**Your goal:** The entries are to be returned exactly, with images left out.

[Data supplied — start]

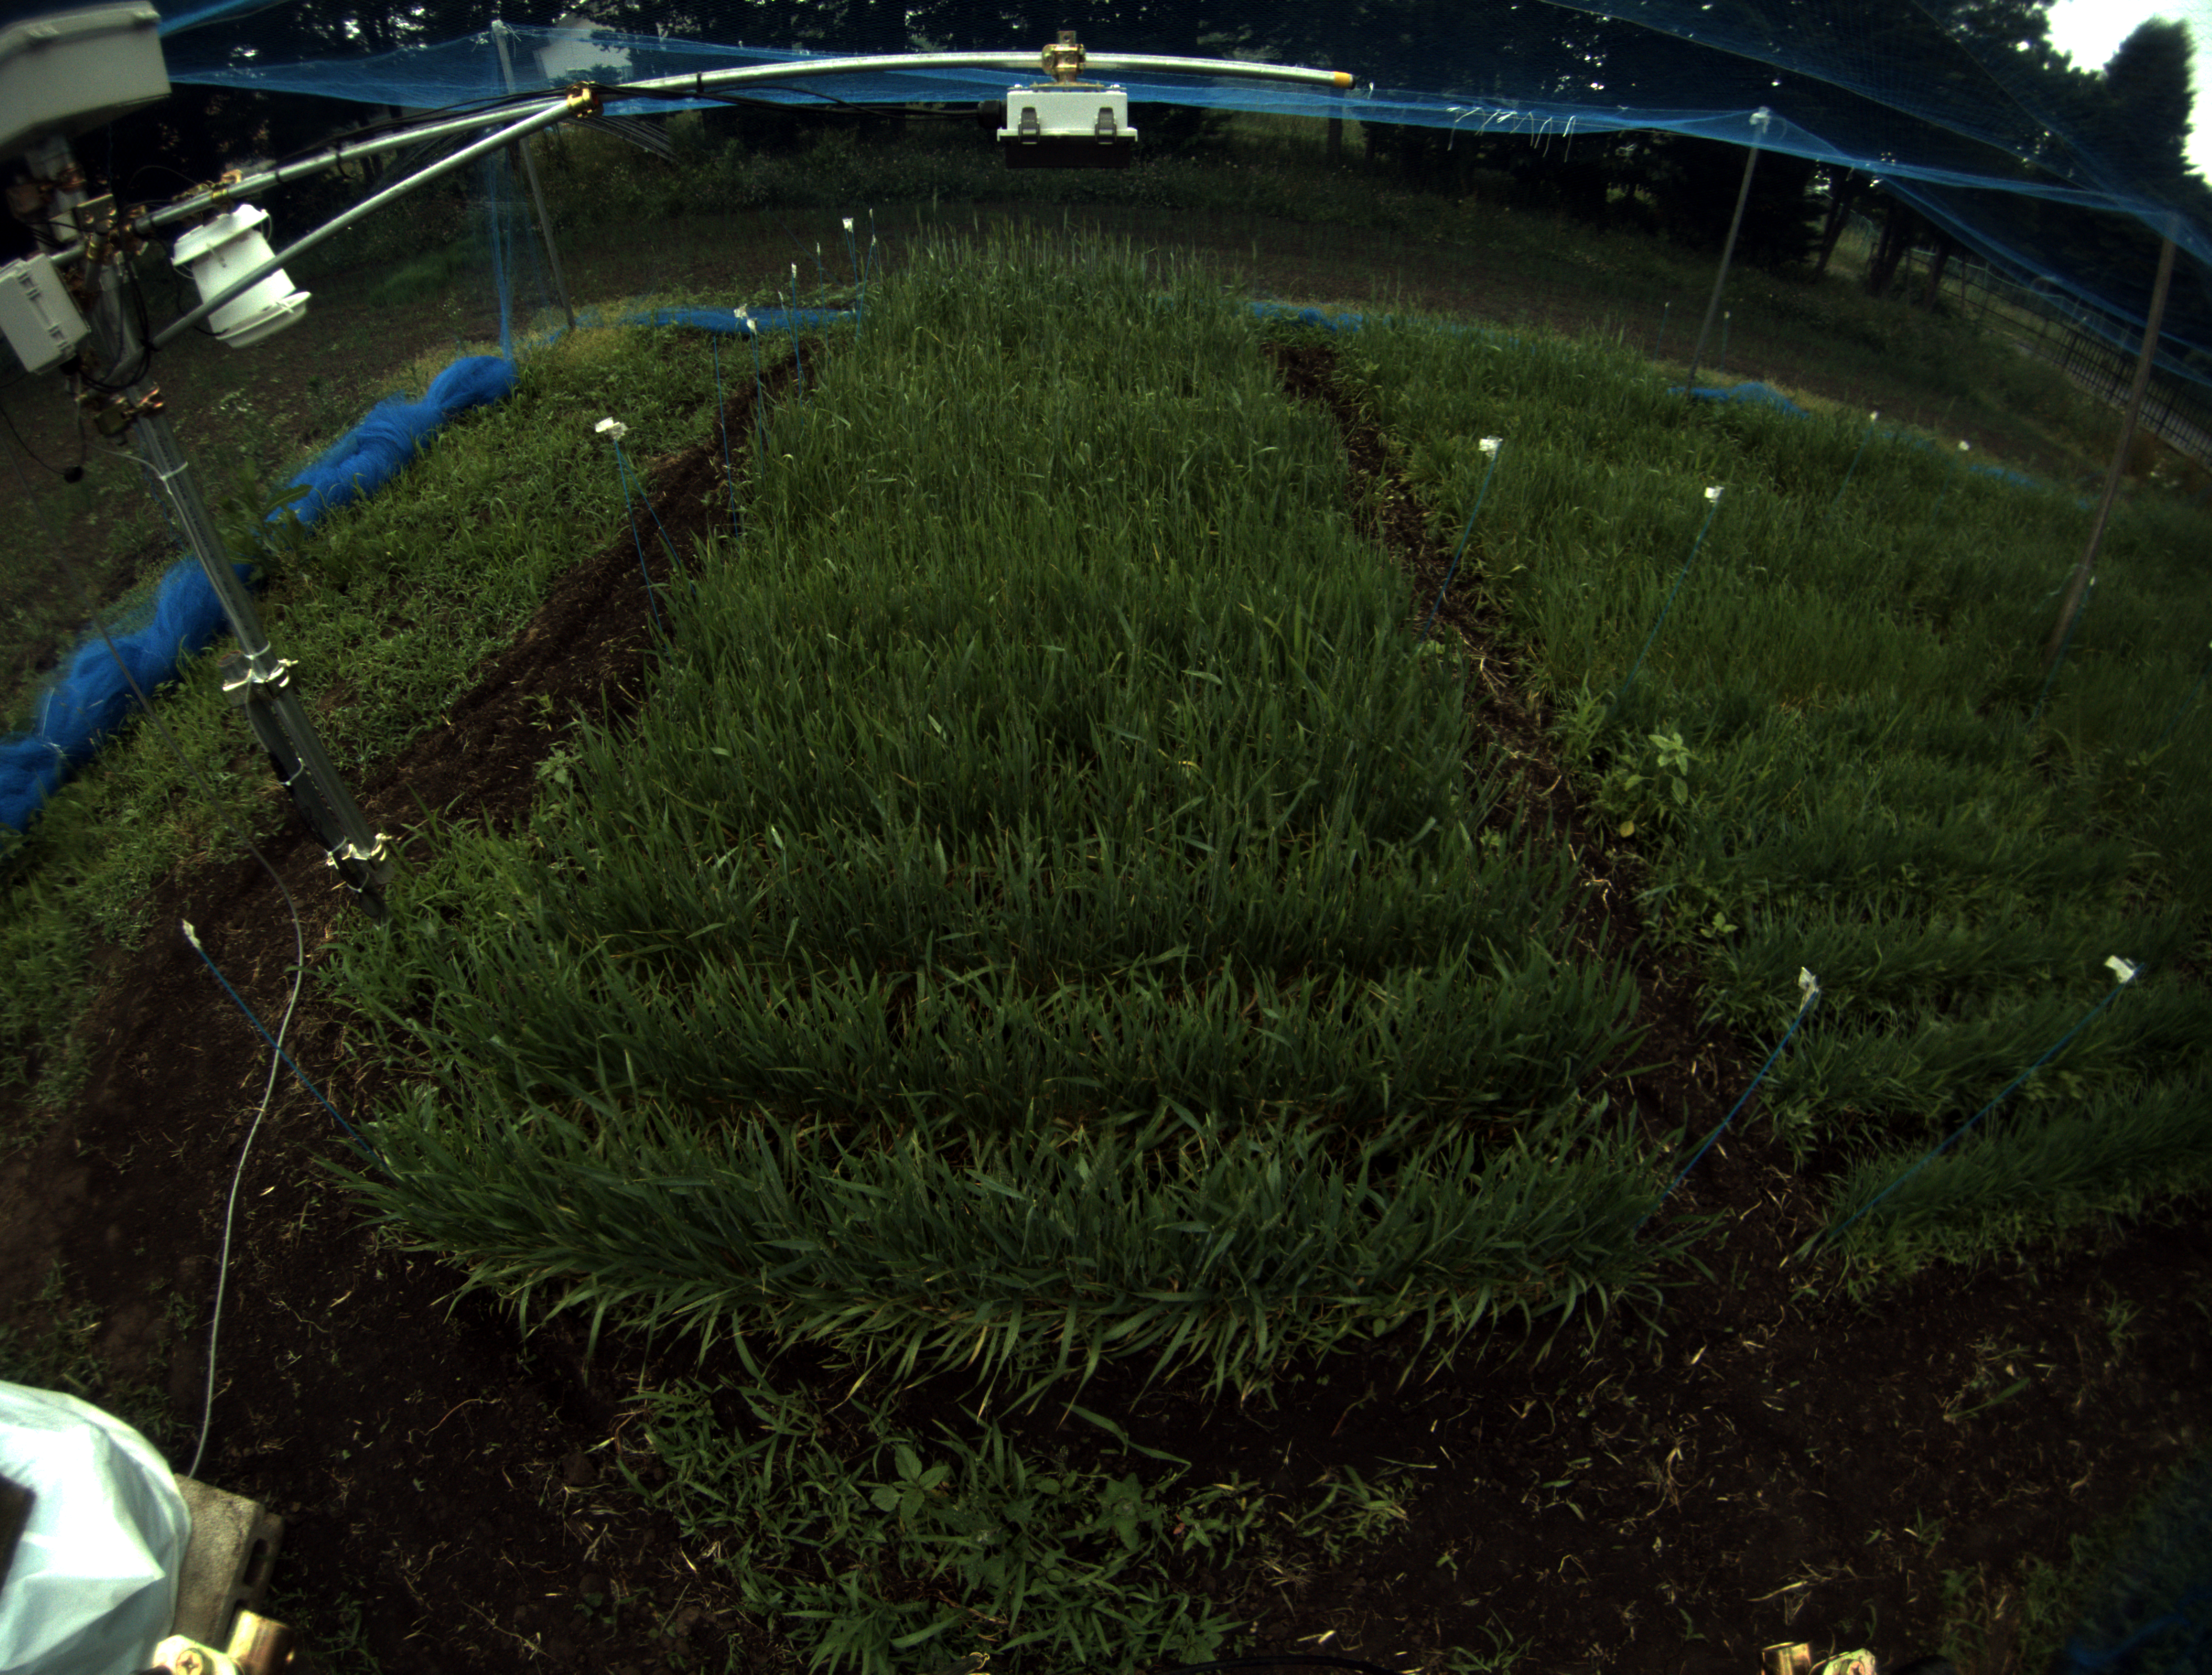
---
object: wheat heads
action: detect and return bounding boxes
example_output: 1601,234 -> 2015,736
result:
1373,700 -> 1383,736
1107,295 -> 1115,318
969,435 -> 975,455
1224,826 -> 1234,857
934,532 -> 943,554
1383,589 -> 1388,613
894,813 -> 905,851
1126,395 -> 1133,425
1044,1157 -> 1055,1186
695,1187 -> 708,1205
952,588 -> 968,605
895,1179 -> 900,1202
1178,378 -> 1182,395
1358,676 -> 1368,703
1458,731 -> 1472,757
1030,1133 -> 1049,1173
1199,1177 -> 1207,1202
604,1088 -> 630,1143
1579,1145 -> 1595,1178
1189,626 -> 1197,656
677,817 -> 699,862
1106,1136 -> 1115,1178
1186,300 -> 1191,322
1173,365 -> 1177,391
912,1172 -> 930,1209
912,679 -> 921,722
1301,470 -> 1320,483
1320,599 -> 1330,638
1245,1183 -> 1259,1203
1062,1219 -> 1074,1236
823,613 -> 830,634
1110,884 -> 1114,895
951,402 -> 957,422
1206,382 -> 1214,410
1259,1213 -> 1282,1232
1136,1060 -> 1147,1075
957,342 -> 964,367
1189,323 -> 1193,348
955,721 -> 960,743
1266,1106 -> 1287,1156
639,781 -> 653,823
1473,1216 -> 1490,1253
1004,648 -> 1011,671
994,1151 -> 1015,1187
991,1214 -> 1000,1230
897,861 -> 905,895
1279,1005 -> 1286,1026
934,456 -> 937,473
1234,762 -> 1242,811
1227,693 -> 1244,733
1346,549 -> 1350,576
898,676 -> 910,718
1085,1147 -> 1106,1185
592,885 -> 603,899
1023,811 -> 1030,852
565,985 -> 577,1002
1335,821 -> 1345,853
849,378 -> 855,406
770,1177 -> 789,1210
1247,646 -> 1254,674
927,1151 -> 934,1184
1333,620 -> 1347,657
734,634 -> 742,656
750,629 -> 757,657
1559,1099 -> 1587,1119
1330,793 -> 1342,839
1133,409 -> 1140,432
1088,562 -> 1096,580
1521,1172 -> 1538,1205
1204,683 -> 1210,729
943,655 -> 950,676
1157,403 -> 1162,422
1318,734 -> 1326,760
788,720 -> 797,747
1187,394 -> 1195,419
783,501 -> 789,522
1134,818 -> 1144,865
1322,459 -> 1331,485
1424,724 -> 1439,749
727,643 -> 736,661
1350,716 -> 1363,742
684,816 -> 693,860
1134,622 -> 1143,653
1034,564 -> 1040,588
1228,506 -> 1232,525
917,974 -> 926,1000
893,361 -> 899,384
1113,705 -> 1119,724
760,572 -> 768,611
715,821 -> 723,834
1109,1041 -> 1115,1061
1203,1120 -> 1228,1135
1340,561 -> 1347,588
739,623 -> 749,647
1234,324 -> 1238,338
1012,696 -> 1025,740
946,672 -> 951,709
914,859 -> 923,888
818,1239 -> 834,1259
1241,819 -> 1253,851
1248,893 -> 1256,912
1393,700 -> 1411,741
515,1068 -> 528,1093
1116,414 -> 1122,432
427,921 -> 439,941
1406,978 -> 1416,1013
675,1135 -> 689,1165
994,815 -> 1004,857
1327,656 -> 1341,697
1007,1207 -> 1015,1224
1221,794 -> 1228,834
1227,1171 -> 1239,1197
1381,717 -> 1399,747
1125,674 -> 1134,705
1369,671 -> 1376,698
1256,554 -> 1261,578
764,831 -> 772,845
840,360 -> 844,383
883,824 -> 895,865
1551,370 -> 1559,390
1221,486 -> 1227,505
508,928 -> 512,942
891,293 -> 896,309
1266,786 -> 1273,830
1888,764 -> 1896,774
1026,903 -> 1031,917
818,460 -> 826,474
850,414 -> 859,443
770,593 -> 775,625
515,1139 -> 533,1170
886,656 -> 896,684
1556,1172 -> 1577,1198
1209,806 -> 1215,831
851,366 -> 858,386
885,888 -> 892,910
621,1153 -> 634,1185
1146,395 -> 1149,408
1341,1298 -> 1360,1306
886,780 -> 894,823
1208,1111 -> 1218,1150
1250,697 -> 1257,717
647,1147 -> 674,1176
679,853 -> 686,877
1216,835 -> 1224,867
958,1196 -> 965,1212
721,886 -> 735,912
706,1156 -> 722,1187
886,298 -> 891,313
929,440 -> 937,465
1120,411 -> 1127,425
976,503 -> 982,518
552,824 -> 566,855
1006,569 -> 1017,599
1192,360 -> 1198,383
596,784 -> 609,806
1232,1210 -> 1246,1227
858,1200 -> 870,1219
1096,1240 -> 1101,1261
1212,613 -> 1225,653
1054,361 -> 1062,376
1121,571 -> 1129,592

[Data supplied — finish]

**Expected output:**
---
object: wheat heads
action: detect and return bounding boxes
example_output: 1601,234 -> 2015,736
result:
1373,700 -> 1383,736
1107,295 -> 1115,318
969,435 -> 975,455
1224,826 -> 1234,857
934,532 -> 943,554
1383,589 -> 1388,613
894,813 -> 905,851
1126,395 -> 1133,425
1044,1157 -> 1055,1186
695,1187 -> 708,1205
952,588 -> 968,605
895,1179 -> 900,1202
1178,378 -> 1182,395
1358,676 -> 1368,703
1458,731 -> 1472,757
1030,1133 -> 1049,1173
1199,1177 -> 1207,1202
604,1088 -> 630,1143
1579,1145 -> 1595,1178
1189,626 -> 1197,656
677,817 -> 699,862
1106,1136 -> 1115,1178
1186,300 -> 1191,322
1173,365 -> 1177,391
912,1172 -> 930,1209
912,679 -> 921,722
1301,470 -> 1320,483
1320,599 -> 1330,638
1245,1183 -> 1259,1203
1062,1219 -> 1074,1236
823,613 -> 830,634
1110,884 -> 1114,895
951,402 -> 957,422
1206,382 -> 1214,410
1259,1213 -> 1282,1232
1136,1060 -> 1147,1075
957,342 -> 964,367
1189,323 -> 1193,348
955,721 -> 960,743
1266,1106 -> 1287,1156
639,781 -> 653,823
1473,1216 -> 1490,1253
1004,648 -> 1011,671
994,1151 -> 1015,1187
991,1214 -> 1000,1230
897,861 -> 905,895
1279,1005 -> 1286,1026
934,456 -> 937,473
1234,762 -> 1242,811
1227,693 -> 1244,733
1346,549 -> 1350,576
898,676 -> 910,718
1085,1147 -> 1106,1185
592,885 -> 603,899
1023,811 -> 1030,852
565,985 -> 577,1002
1335,821 -> 1345,853
849,378 -> 855,406
770,1177 -> 789,1210
1247,646 -> 1254,674
927,1151 -> 934,1184
1333,620 -> 1347,657
734,634 -> 742,656
750,629 -> 757,657
1559,1099 -> 1587,1119
1330,793 -> 1342,839
1133,409 -> 1140,432
1088,562 -> 1096,580
1521,1172 -> 1538,1205
1204,683 -> 1210,729
943,655 -> 950,676
1157,403 -> 1162,422
1318,734 -> 1326,760
788,720 -> 797,747
1187,394 -> 1195,419
783,501 -> 789,522
1134,818 -> 1144,865
1322,459 -> 1331,485
1424,724 -> 1439,749
727,643 -> 736,661
1350,716 -> 1363,742
684,816 -> 693,860
1134,622 -> 1143,653
1034,564 -> 1040,588
1228,506 -> 1232,525
917,974 -> 926,1000
893,361 -> 899,384
1113,705 -> 1119,724
760,572 -> 768,611
715,821 -> 723,834
1109,1041 -> 1115,1061
1203,1120 -> 1228,1135
1340,561 -> 1347,588
739,623 -> 749,647
1234,324 -> 1238,338
1012,696 -> 1025,740
946,672 -> 951,709
914,859 -> 923,888
818,1239 -> 834,1259
1241,819 -> 1253,851
1248,893 -> 1256,912
1393,700 -> 1411,741
515,1068 -> 528,1093
1116,414 -> 1122,432
427,921 -> 439,941
1406,978 -> 1416,1013
675,1135 -> 689,1165
994,815 -> 1004,857
1327,656 -> 1341,697
1007,1207 -> 1015,1224
1221,794 -> 1228,834
1227,1171 -> 1239,1197
1381,717 -> 1399,747
1125,674 -> 1134,705
1369,671 -> 1376,698
1256,554 -> 1261,578
764,831 -> 772,845
840,360 -> 844,383
883,824 -> 895,865
1551,370 -> 1559,390
1221,486 -> 1227,505
508,928 -> 512,942
891,293 -> 896,309
1266,786 -> 1273,830
1888,764 -> 1896,774
1026,903 -> 1031,917
818,460 -> 826,474
850,414 -> 859,443
770,593 -> 775,625
515,1139 -> 533,1170
886,656 -> 896,684
1556,1172 -> 1577,1198
1209,806 -> 1215,831
851,366 -> 858,386
885,888 -> 892,910
621,1153 -> 634,1185
1146,395 -> 1149,408
1341,1298 -> 1360,1306
886,780 -> 894,823
1208,1111 -> 1218,1150
1250,697 -> 1257,717
647,1147 -> 674,1176
679,853 -> 686,877
1216,835 -> 1224,867
958,1196 -> 965,1212
721,886 -> 735,912
706,1156 -> 722,1187
886,298 -> 891,313
929,440 -> 937,465
1120,411 -> 1127,425
976,503 -> 982,518
552,824 -> 566,855
1006,569 -> 1017,599
1192,360 -> 1198,383
596,784 -> 609,806
1232,1210 -> 1246,1227
858,1200 -> 870,1219
1096,1240 -> 1101,1261
1212,613 -> 1225,653
1054,361 -> 1062,376
1121,571 -> 1129,592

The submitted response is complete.